## DATA PROVIDED
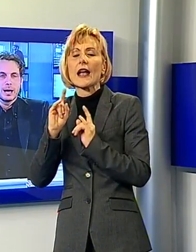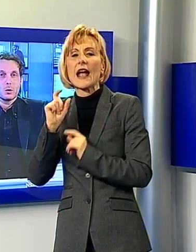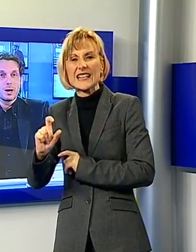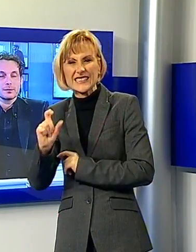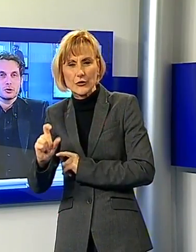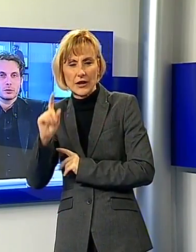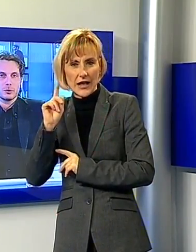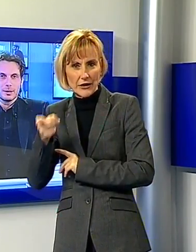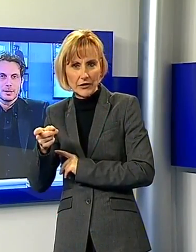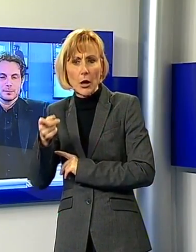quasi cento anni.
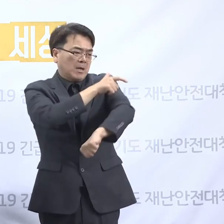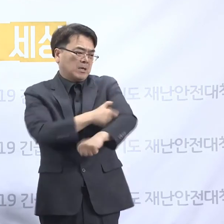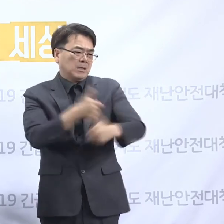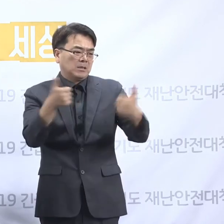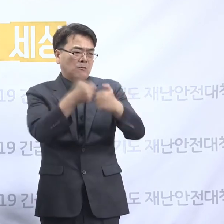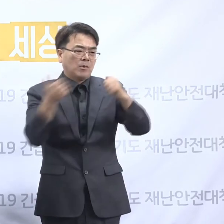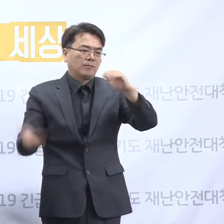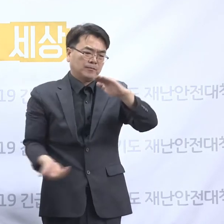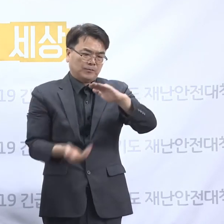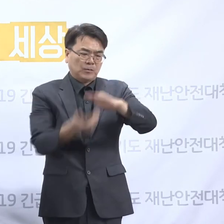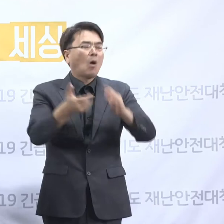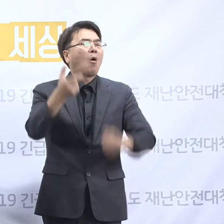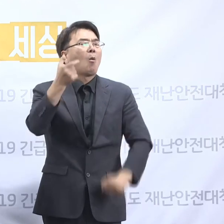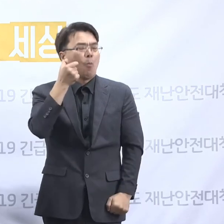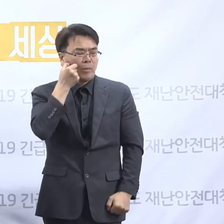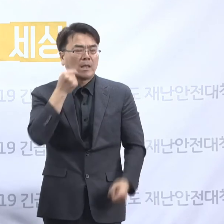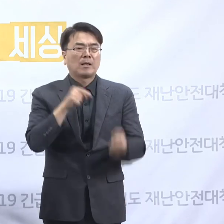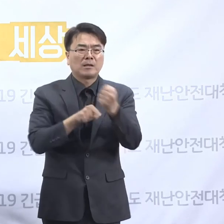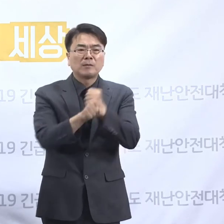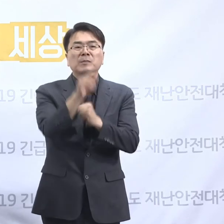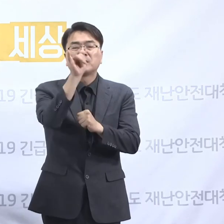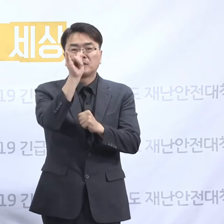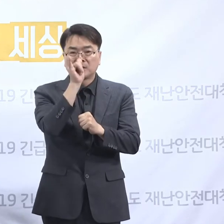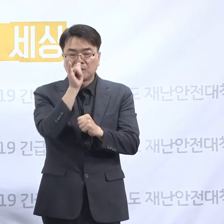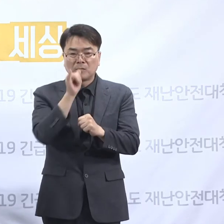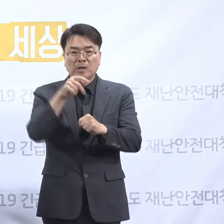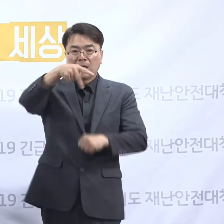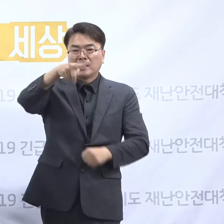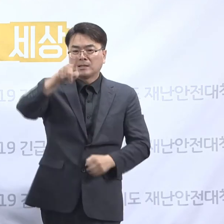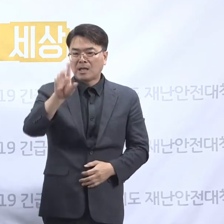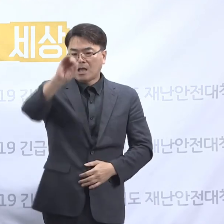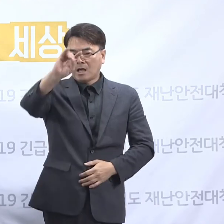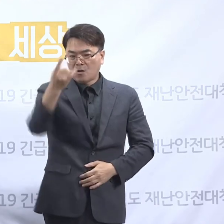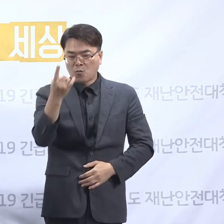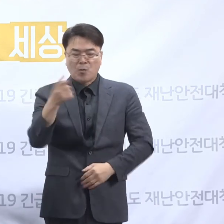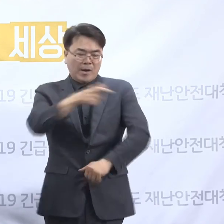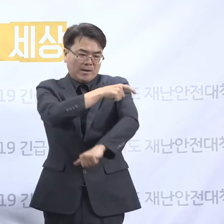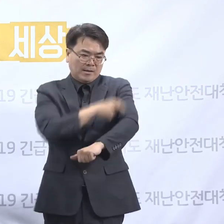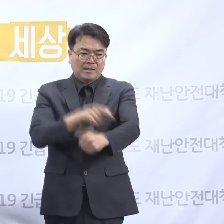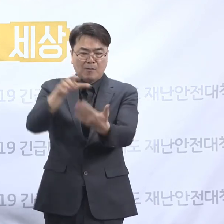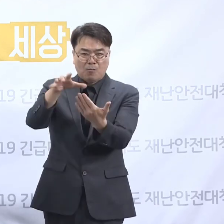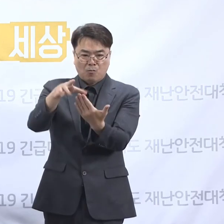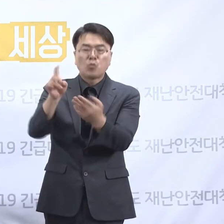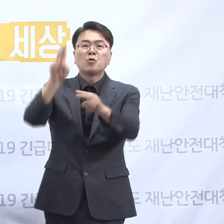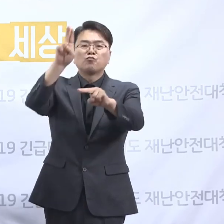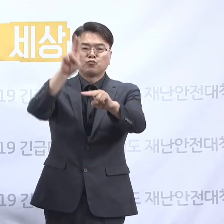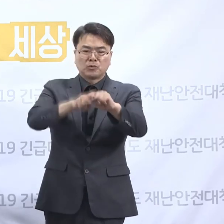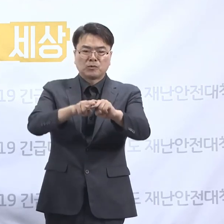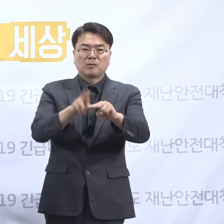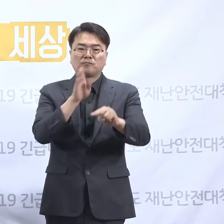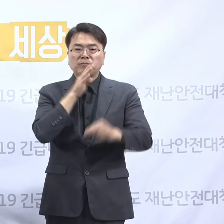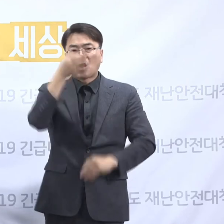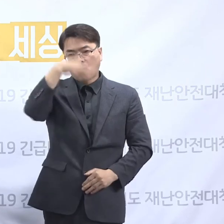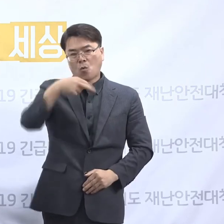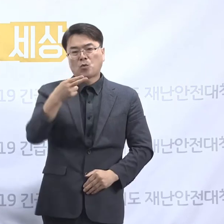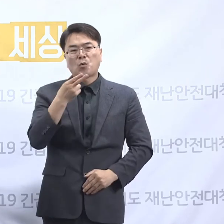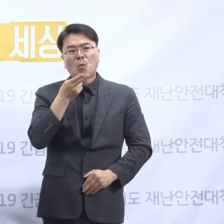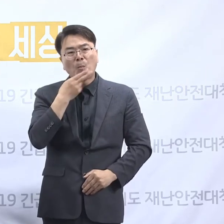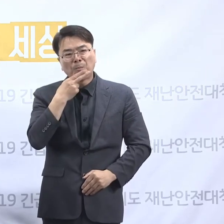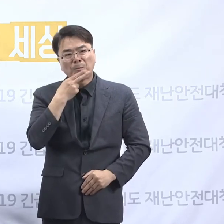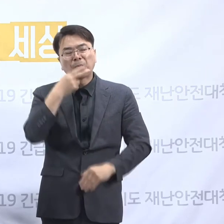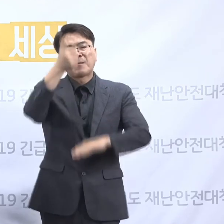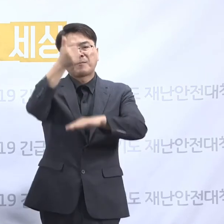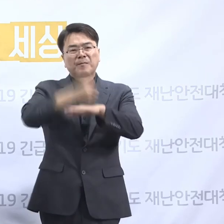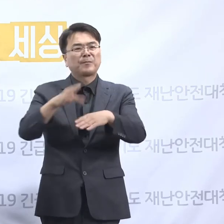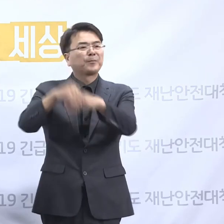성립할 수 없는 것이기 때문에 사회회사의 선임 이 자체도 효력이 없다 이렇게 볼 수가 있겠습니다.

==

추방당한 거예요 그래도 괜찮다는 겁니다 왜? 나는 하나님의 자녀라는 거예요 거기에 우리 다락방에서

## TASK STATEMENT
Please print the lines above word for word, starting at the one with "quasi cento anni." and ending at the one with "성립할 수 없는 것이기", both included, and without any picture.

## OUTPUT FOR THIS TASK
quasi cento anni.
성립할 수 없는 것이기 때문에 사회회사의 선임 이 자체도 효력이 없다 이렇게 볼 수가 있겠습니다.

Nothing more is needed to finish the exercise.